How should we think about large language models (LLMs)? People commonly think and talk about them in terms of human intelligence. To the extent this metaphor does not accurately reflect the properties of the technology, this may lead to misguided diagnoses and prescriptions. It seems to me an LLM is not like a human or a human brain in so many ways. One crucial distinction for me is that LLMs lack individuality and subjectivity.
What are organisms that similarly lack these qualities? Coral polyps and Portuguese man o’ war come to mind, or slime mold colonies. Or maybe a single bacterium, like an E. coli. Each is essentially identical to its clones, responds automatically to chemical gradients (bringing to mind how LLMs respond to prompts), and doesn’t accumulate unique experiences in any meaningful way.
Considering all these examples, the meme about LLMs being like a shoggoth (an amorphous blob-like monster originating from the speculative fiction of Howard Philips Lovecraft) is surprisingly accurate. The thing about these metaphors though is that it’s about as hard to reason about such organisms as it is to reason about LLMs. So to use them as a metaphor for thinking about LLMs won’t work. A shoggoth is even less helpful because the reference will only be familiar to those who know their H.P. Lovecraft.
So perhaps we should abandon metaphorical thinking and think historically instead. LLMs are a new language technology. As with previous technologies, such as the printing press, when they are introduced, our relationship to language changes. How does this change occur?
I think the change is dialectical. First, we have a relationship to language that we recognize as our own. Then, a new technology destabilizes this relationship, alienating us from the language practice. We no longer see our own hand in it. And we experience a lack of control over language practice. Finally, we reappropriate this language use in our practices. In this process of reappropriation, language practice as a whole is transformed. And the cycle begins again.

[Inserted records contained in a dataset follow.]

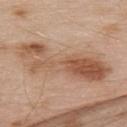| field | value |
|---|---|
| workup | total-body-photography surveillance lesion; no biopsy |
| subject | male, aged approximately 55 |
| automated metrics | a lesion area of about 34 mm² and an eccentricity of roughly 0.95; an average lesion color of about L≈56 a*≈19 b*≈31 (CIELAB) and a normalized lesion–skin contrast near 7; border irregularity of about 4.5 on a 0–10 scale, a color-variation rating of about 9/10, and peripheral color asymmetry of about 3.5; an automated nevus-likeness rating near 0 out of 100 |
| site | the upper back |
| acquisition | ~15 mm tile from a whole-body skin photo |
| size | ~11.5 mm (longest diameter) |
| lighting | white-light |
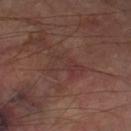Case summary:
* workup — total-body-photography surveillance lesion; no biopsy
* tile lighting — cross-polarized illumination
* diameter — ~4 mm (longest diameter)
* location — the leg
* patient — male, roughly 70 years of age
* imaging modality — ~15 mm crop, total-body skin-cancer survey
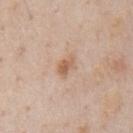Assessment:
Imaged during a routine full-body skin examination; the lesion was not biopsied and no histopathology is available.
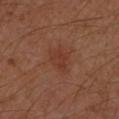No biopsy was performed on this lesion — it was imaged during a full skin examination and was not determined to be concerning.
The patient is a female aged approximately 40.
Located on the left forearm.
This image is a 15 mm lesion crop taken from a total-body photograph.
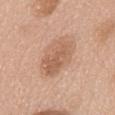  biopsy_status: not biopsied; imaged during a skin examination
  lighting: white-light
  lesion_size:
    long_diameter_mm_approx: 6.0
  image:
    source: total-body photography crop
    field_of_view_mm: 15
  site: abdomen
  automated_metrics:
    cielab_L: 60
    cielab_a: 20
    cielab_b: 31
    vs_skin_darker_L: 9.0
    vs_skin_contrast_norm: 6.0
    border_irregularity_0_10: 2.0
    peripheral_color_asymmetry: 1.5
  patient:
    sex: female
    age_approx: 60
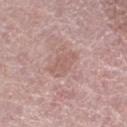Imaged during a routine full-body skin examination; the lesion was not biopsied and no histopathology is available. A female patient, aged 58 to 62. A close-up tile cropped from a whole-body skin photograph, about 15 mm across. From the left lower leg.
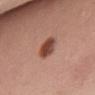Captured during whole-body skin photography for melanoma surveillance; the lesion was not biopsied. A female subject, aged around 50. An algorithmic analysis of the crop reported a lesion color around L≈46 a*≈25 b*≈29 in CIELAB, about 15 CIELAB-L* units darker than the surrounding skin, and a normalized lesion–skin contrast near 10.5. It also reported a border-irregularity index near 1.5/10 and a peripheral color-asymmetry measure near 1.5. A 15 mm crop from a total-body photograph taken for skin-cancer surveillance. Approximately 3.5 mm at its widest. The tile uses white-light illumination. The lesion is on the front of the torso.
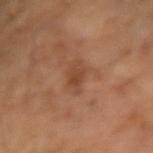Clinical summary: Cropped from a whole-body photographic skin survey; the tile spans about 15 mm. About 2.5 mm across. The tile uses cross-polarized illumination. A male subject aged 63 to 67. An algorithmic analysis of the crop reported a shape eccentricity near 0.75 and a shape-asymmetry score of about 0.3 (0 = symmetric). Located on the right forearm.
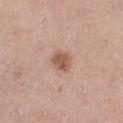  biopsy_status: not biopsied; imaged during a skin examination
  site: leg
  automated_metrics:
    border_irregularity_0_10: 2.0
    color_variation_0_10: 3.0
  image:
    source: total-body photography crop
    field_of_view_mm: 15
  patient:
    sex: female
    age_approx: 60
  lighting: white-light
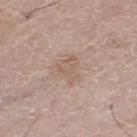Assessment: Imaged during a routine full-body skin examination; the lesion was not biopsied and no histopathology is available. Background: Longest diameter approximately 3.5 mm. This is a white-light tile. A region of skin cropped from a whole-body photographic capture, roughly 15 mm wide. A male patient, about 70 years old. The lesion is on the right leg.
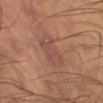Part of a total-body skin-imaging series; this lesion was reviewed on a skin check and was not flagged for biopsy.
The lesion's longest dimension is about 4 mm.
Automated image analysis of the tile measured a footprint of about 9.5 mm² and a shape-asymmetry score of about 0.2 (0 = symmetric). The software also gave a mean CIELAB color near L≈48 a*≈22 b*≈25, a lesion–skin lightness drop of about 6, and a lesion-to-skin contrast of about 5 (normalized; higher = more distinct). And it measured an automated nevus-likeness rating near 0 out of 100 and a detector confidence of about 100 out of 100 that the crop contains a lesion.
A male subject, aged around 45.
Located on the left lower leg.
A close-up tile cropped from a whole-body skin photograph, about 15 mm across.
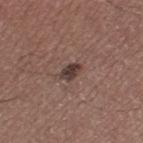workup — imaged on a skin check; not biopsied | diameter — ≈2.5 mm | acquisition — 15 mm crop, total-body photography | subject — male, about 45 years old | illumination — white-light | TBP lesion metrics — a lesion area of about 3.5 mm² and a shape-asymmetry score of about 0.25 (0 = symmetric); an average lesion color of about L≈37 a*≈16 b*≈19 (CIELAB), about 12 CIELAB-L* units darker than the surrounding skin, and a normalized lesion–skin contrast near 10.5; border irregularity of about 2 on a 0–10 scale and peripheral color asymmetry of about 1; a classifier nevus-likeness of about 45/100 | location — the left thigh.
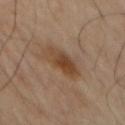<lesion>
<biopsy_status>not biopsied; imaged during a skin examination</biopsy_status>
<image>
  <source>total-body photography crop</source>
  <field_of_view_mm>15</field_of_view_mm>
</image>
<lighting>cross-polarized</lighting>
<patient>
  <sex>male</sex>
  <age_approx>60</age_approx>
</patient>
<lesion_size>
  <long_diameter_mm_approx>4.5</long_diameter_mm_approx>
</lesion_size>
<site>mid back</site>
</lesion>
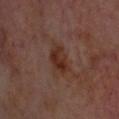{"biopsy_status": "not biopsied; imaged during a skin examination", "image": {"source": "total-body photography crop", "field_of_view_mm": 15}, "patient": {"age_approx": 65}, "site": "head or neck", "lesion_size": {"long_diameter_mm_approx": 4.0}, "lighting": "cross-polarized", "automated_metrics": {"border_irregularity_0_10": 3.0, "color_variation_0_10": 4.5, "nevus_likeness_0_100": 50, "lesion_detection_confidence_0_100": 100}}
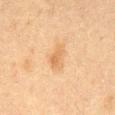From the abdomen. A male patient, in their mid-70s. Longest diameter approximately 3.5 mm. This is a cross-polarized tile. A 15 mm close-up tile from a total-body photography series done for melanoma screening.
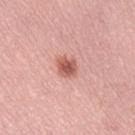- biopsy status · catalogued during a skin exam; not biopsied
- lighting · white-light illumination
- subject · female, aged around 40
- body site · the leg
- acquisition · ~15 mm tile from a whole-body skin photo
- TBP lesion metrics · a border-irregularity index near 2/10, a color-variation rating of about 3/10, and a peripheral color-asymmetry measure near 1
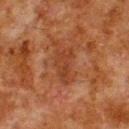Recorded during total-body skin imaging; not selected for excision or biopsy.
The lesion-visualizer software estimated an area of roughly 6.5 mm². It also reported a classifier nevus-likeness of about 0/100 and lesion-presence confidence of about 100/100.
On the upper back.
A lesion tile, about 15 mm wide, cut from a 3D total-body photograph.
The tile uses cross-polarized illumination.
The subject is a male roughly 80 years of age.
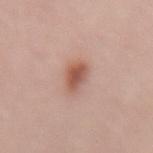This lesion was catalogued during total-body skin photography and was not selected for biopsy.
The lesion is located on the lower back.
The lesion's longest dimension is about 2.5 mm.
Captured under white-light illumination.
A 15 mm close-up extracted from a 3D total-body photography capture.
The subject is a female aged 38 to 42.
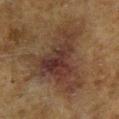This lesion was catalogued during total-body skin photography and was not selected for biopsy. The lesion is located on the right lower leg. A male patient roughly 60 years of age. Cropped from a whole-body photographic skin survey; the tile spans about 15 mm. The recorded lesion diameter is about 10.5 mm.
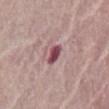{
  "biopsy_status": "not biopsied; imaged during a skin examination",
  "lesion_size": {
    "long_diameter_mm_approx": 2.5
  },
  "patient": {
    "sex": "female",
    "age_approx": 65
  },
  "image": {
    "source": "total-body photography crop",
    "field_of_view_mm": 15
  },
  "automated_metrics": {
    "eccentricity": 0.75,
    "shape_asymmetry": 0.2,
    "cielab_L": 47,
    "cielab_a": 27,
    "cielab_b": 15,
    "vs_skin_darker_L": 16.0,
    "border_irregularity_0_10": 2.0,
    "color_variation_0_10": 3.0,
    "peripheral_color_asymmetry": 1.0
  },
  "site": "abdomen"
}
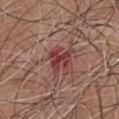Assessment:
Recorded during total-body skin imaging; not selected for excision or biopsy.
Background:
A 15 mm crop from a total-body photograph taken for skin-cancer surveillance. About 3.5 mm across. A male patient aged 73 to 77. From the chest. This is a white-light tile.
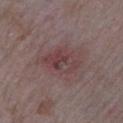{
  "biopsy_status": "not biopsied; imaged during a skin examination",
  "automated_metrics": {
    "nevus_likeness_0_100": 0,
    "lesion_detection_confidence_0_100": 100
  },
  "patient": {
    "sex": "male",
    "age_approx": 65
  },
  "site": "left upper arm",
  "lighting": "white-light",
  "image": {
    "source": "total-body photography crop",
    "field_of_view_mm": 15
  }
}
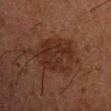Captured during whole-body skin photography for melanoma surveillance; the lesion was not biopsied. Automated image analysis of the tile measured an area of roughly 19 mm² and a symmetry-axis asymmetry near 0.15. And it measured a mean CIELAB color near L≈22 a*≈17 b*≈21, roughly 6 lightness units darker than nearby skin, and a lesion-to-skin contrast of about 7 (normalized; higher = more distinct). From the right upper arm. The patient is a male in their 50s. Captured under cross-polarized illumination. A region of skin cropped from a whole-body photographic capture, roughly 15 mm wide. Longest diameter approximately 6 mm.
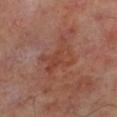No biopsy was performed on this lesion — it was imaged during a full skin examination and was not determined to be concerning. A male patient, about 50 years old. A roughly 15 mm field-of-view crop from a total-body skin photograph. On the left lower leg.
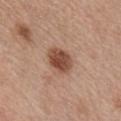<tbp_lesion>
<biopsy_status>not biopsied; imaged during a skin examination</biopsy_status>
<site>chest</site>
<patient>
  <sex>male</sex>
  <age_approx>40</age_approx>
</patient>
<lesion_size>
  <long_diameter_mm_approx>3.5</long_diameter_mm_approx>
</lesion_size>
<lighting>white-light</lighting>
<image>
  <source>total-body photography crop</source>
  <field_of_view_mm>15</field_of_view_mm>
</image>
</tbp_lesion>
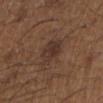workup: imaged on a skin check; not biopsied | diameter: ~3.5 mm (longest diameter) | illumination: white-light illumination | patient: male, in their 50s | acquisition: 15 mm crop, total-body photography | location: the left upper arm.
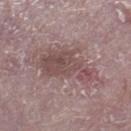Notes:
* workup: imaged on a skin check; not biopsied
* lesion size: ≈6.5 mm
* patient: male, approximately 75 years of age
* acquisition: 15 mm crop, total-body photography
* automated lesion analysis: a mean CIELAB color near L≈48 a*≈19 b*≈18, about 9 CIELAB-L* units darker than the surrounding skin, and a normalized border contrast of about 7; border irregularity of about 6.5 on a 0–10 scale and peripheral color asymmetry of about 1.5
* location: the right lower leg
* illumination: white-light illumination
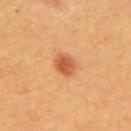The lesion was tiled from a total-body skin photograph and was not biopsied. Longest diameter approximately 3 mm. This is a cross-polarized tile. A female patient aged 58–62. On the upper back. Cropped from a whole-body photographic skin survey; the tile spans about 15 mm. The lesion-visualizer software estimated a lesion–skin lightness drop of about 13 and a normalized lesion–skin contrast near 8. The software also gave a nevus-likeness score of about 95/100.
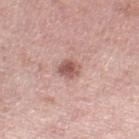image-analysis metrics: a footprint of about 4.5 mm², a shape eccentricity near 0.5, and a shape-asymmetry score of about 0.25 (0 = symmetric); a lesion color around L≈56 a*≈22 b*≈24 in CIELAB, a lesion–skin lightness drop of about 13, and a normalized lesion–skin contrast near 8; a border-irregularity rating of about 2.5/10 and radial color variation of about 1 | subject: female, aged 38 to 42 | acquisition: total-body-photography crop, ~15 mm field of view | anatomic site: the leg | illumination: white-light illumination | lesion size: ~2.5 mm (longest diameter).
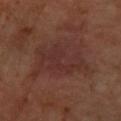Assessment: The lesion was photographed on a routine skin check and not biopsied; there is no pathology result. Context: The subject is a female roughly 50 years of age. The lesion is located on the right forearm. This is a cross-polarized tile. About 7.5 mm across. A 15 mm crop from a total-body photograph taken for skin-cancer surveillance.
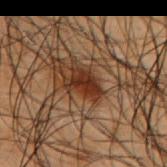Recorded during total-body skin imaging; not selected for excision or biopsy. Automated tile analysis of the lesion measured a color-variation rating of about 3/10 and a peripheral color-asymmetry measure near 1. The patient is a male in their 50s. Located on the right upper arm. Cropped from a total-body skin-imaging series; the visible field is about 15 mm.
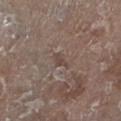The subject is a male in their mid- to late 60s.
An algorithmic analysis of the crop reported an outline eccentricity of about 0.85 (0 = round, 1 = elongated) and two-axis asymmetry of about 0.4. The software also gave an average lesion color of about L≈44 a*≈14 b*≈21 (CIELAB), a lesion–skin lightness drop of about 6, and a normalized lesion–skin contrast near 5.5. The software also gave an automated nevus-likeness rating near 0 out of 100.
A region of skin cropped from a whole-body photographic capture, roughly 15 mm wide.
This is a white-light tile.
About 2.5 mm across.
Located on the left lower leg.
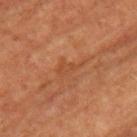Q: Is there a histopathology result?
A: no biopsy performed (imaged during a skin exam)
Q: How large is the lesion?
A: ≈3.5 mm
Q: Automated lesion metrics?
A: a footprint of about 4 mm² and an eccentricity of roughly 0.85; an average lesion color of about L≈44 a*≈24 b*≈34 (CIELAB), about 5 CIELAB-L* units darker than the surrounding skin, and a lesion-to-skin contrast of about 4.5 (normalized; higher = more distinct); a border-irregularity index near 6/10, internal color variation of about 1 on a 0–10 scale, and radial color variation of about 0.5; a classifier nevus-likeness of about 0/100 and a detector confidence of about 100 out of 100 that the crop contains a lesion
Q: What is the anatomic site?
A: the chest
Q: Illumination type?
A: cross-polarized illumination
Q: What is the imaging modality?
A: total-body-photography crop, ~15 mm field of view
Q: Who is the patient?
A: male, aged 63 to 67
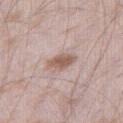image: 15 mm crop, total-body photography
size: ≈3.5 mm
automated lesion analysis: an average lesion color of about L≈57 a*≈18 b*≈25 (CIELAB), roughly 12 lightness units darker than nearby skin, and a normalized border contrast of about 8; a within-lesion color-variation index near 2/10
subject: male, in their mid-40s
illumination: white-light illumination
location: the right thigh
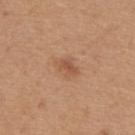Captured during whole-body skin photography for melanoma surveillance; the lesion was not biopsied.
On the upper back.
A female patient aged 53 to 57.
A 15 mm close-up tile from a total-body photography series done for melanoma screening.
Captured under white-light illumination.
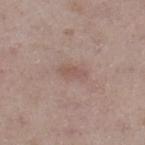Recorded during total-body skin imaging; not selected for excision or biopsy. The lesion is on the leg. A close-up tile cropped from a whole-body skin photograph, about 15 mm across. The subject is a male approximately 60 years of age. Captured under white-light illumination. Automated image analysis of the tile measured a mean CIELAB color near L≈53 a*≈18 b*≈23, a lesion–skin lightness drop of about 7, and a normalized border contrast of about 5.5. The analysis additionally found a classifier nevus-likeness of about 0/100 and a detector confidence of about 100 out of 100 that the crop contains a lesion.
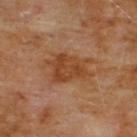biopsy_status: not biopsied; imaged during a skin examination
site: chest
automated_metrics:
  cielab_L: 42
  cielab_a: 22
  cielab_b: 35
  vs_skin_contrast_norm: 7.5
  border_irregularity_0_10: 4.0
  color_variation_0_10: 3.5
  peripheral_color_asymmetry: 1.0
patient:
  sex: male
  age_approx: 60
lighting: cross-polarized
lesion_size:
  long_diameter_mm_approx: 5.0
image:
  source: total-body photography crop
  field_of_view_mm: 15

For an example of this dialectical transformation of language practice under the influence of new technology, we can take Eisenstein’s classic account of the history of the printing press (1980). Following its introduction many things changed about how we relate to language. Our engagement with language shifted from a primarily oral one to a visual and deliberative one. Libraries became more abundantly stocked, leading to the practice of categorization and classification of works. Preservation and analysis of stable texts became a possibility. The solitary reading experience gained prominence, producing a more private and personal relationship between readers and texts. Concerns about information overload first reared its head. All of these things were once new and alien to humans. Now we consider them part of the natural order of things. They weren’t predetermined by the technology, they emerged through this active tug of war between groups in society about what the technology would be used for, mediated by the affordances of the technology itself.
In concrete material terms, what does an LLM consist of? An LLM is just numerical values stored in computer memory. It is a neural network architecture consisting of billions of parameters in weights and biases, organized in matrices. The storage is distributed across multiple devices. System software loads these parameters and enables the calculation of inferences. This all runs in physical data centers housing computing infrastructure, power, cooling, and networking infrastructure. Whenever people start talking about LLMs having agency or being able to reason, I remind myself of these basic facts.
A printing press, although a cleverly designed, engineered, and manufactured device, is similarly banal when you break it down to its essential components. Still, the ultimate changes to how we relate to language have been profound. From these first few years of living with LLMs, I think it is not unreasonable to think they will cause similar upheavals. What is important for me is to recognize how we become alienated from language, and to see ourselves as having agency in reappropriating LLM-mediated language practice as our own.